Kate Moss e krautrock, Stones e C86, “doobie-doos” e dub, drone e drunfos. Não há meio-termo nos álbuns dos trigenários Primal Scream. Eternos experimentalistas e graciosamente irrequietos vira-casacas, têm a bem-dita incapacidade de manter o seu som numa determinada etiqueta, cena, estilo ou década musical não mais do que o tempo restante até o próximo álbum chegar. Hiperbolizo, pois já se revisitaram, aqui mais uma vez se revisitam, mas não o suficiente para afirmar que exagero.
Desta vez, é Soft Cell, Gary Numan, a malta da new wave minando a bebida deste eternos hedonistas, uma bola de espelhos e os anos 80 no suor dos corpos. Acompanham-se, certeiramente, de gente que bem se apropria desses sons nos seus próprios trabalhos: as senhoras da banda Fleetwood-Mac-Para-O-Séc.-XXI HAIM oferecem vocais de apoio às quatro primeiras faixas; Sky Ferreira incinera de tão fulgurantemente kitsch e confiante em “Where The Light Gets In”, um dos singles pop mais inspirados de toda a carreira da banda.

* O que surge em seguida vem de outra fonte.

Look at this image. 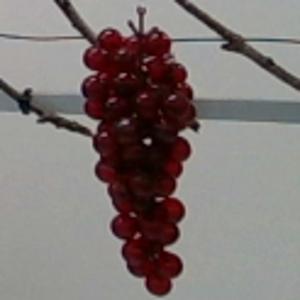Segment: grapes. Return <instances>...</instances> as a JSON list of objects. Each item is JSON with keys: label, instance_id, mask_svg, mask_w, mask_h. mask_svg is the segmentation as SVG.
<instances>
[{"label": "grapes", "instance_id": "01657485", "mask_svg": "<svg viewBox=\"0 0 300 300\" xmlns=\"http://www.w3.org/2000/svg\"><path fill=\"white\" fill-rule=\"evenodd\" d=\"M171 47L162 30L124 39L117 29H104L82 55L85 68L97 73L80 85L85 115L100 122L92 139L100 155L94 173L109 183L119 213L110 233L124 242L129 274L146 277V290L156 298L170 294L183 270L180 257L164 247L179 240L177 224L185 215L182 202L170 198L191 153L178 133L198 118L187 69L168 54Z\"/></svg>", "mask_w": 300, "mask_h": 300}]
</instances>

Anteriormente, referenciei o facto de se incluírem neste álbum alguns piscares de olho nostálgicos aos trabalhos anteriores da banda. Nada contra, por simples razões: a faixa de abertura “Trippin’ On Your Love” grita a obra-prima de ‘92 Screamedelica nos seus coros gospel por entre beats intricados de house, a forma como condensa e resume a magia dos portentos de 10 minutos do álbum que emula num doce bombástico de 3 minutos e picos é irrecusável, irresistível: quem não desejou a magia de “Come Together” concentrada em 3 minutos? (Heresia, heresia, vão-se foder, que não tenho pachorra para puristas). O mesmo filtro pop saboroso, detalhado e melódico sucede com “Private Wars”, singela balada acústica de profunda beatitude, de luva dir-se-ia tão bem assente no homónimo de ’89, ou “When The Blackout Meets The Fallout”, malha que implora estar nas fileiras de Evil Heat ou ser interlúdio apaziguante no terrorismo sónico de XTRMNTR.
Megalomaníaca ambição – única característica da qual Bobby Gillespie e restante pandilha não se livram desde os seus primórdios. Brincam aqui ao faz-de-conta de banda indie pop dos anos 10 do século XXI, e num aparente sem-esforço-algum, batem-nas no seu próprio jogo, armados apenas com uma linha de sintetizador certeira, versos cantados viscosamente por um vocalista que comunica cansaço e joie de vivre numa entrega que não sabemos se pós-irónica (ugh) ou honesta em “(Feeling Like A) Demon Again” (isto sentir-se-á ao longo de todo o álbum, Gillespie ainda um dos mais discretamente carismáticos líderes duma banda rock). Os Gorillaz de Plastic Beach não desdenhariam “I Can Change”, nenhuma banda de clubbing de há 30 anos recusaria “Carnival of Fools” (glorioso gordo teclado acompanhado de batida esmagadora e indiscreta). Omnívoros e plurais, os Primal Scream mostram-se enciclopédias pop de ouvido bem atento capaz de absorver toda a informação sónica de lado todo e consequentemente incorporar no seu som da melhor forma.
Será a disco infernal e histriónica, ritmicamente bélica, de “Golden Rope”, com os seus hallelujahs e guitarras serpenteantes, um grande e agradável choque ao seguir-se o pastiche 80s (viva o pastiche, eterna vida ao pastiche, que nunca morrerá graças aos retro-maníacos) que é “Autumn In Paradise” (o título também não ajuda)? A verdade é só uma: mesmo que muito pouco coeso, altamente disforme, assemelhando-se a um cadáver esquisito, Chaosmosis é um triunfo de júbilo pop, um álbum divertido e mui alegre. Volta-se pelos rasgares de guitarras de “Trippin’ On Your Love”, pelo refrão exageradamente grandiloquente de “100% Or Nothing”, pelo pré-refrão em “Where The Light Gets In”, por todo o génio pop. Bravo.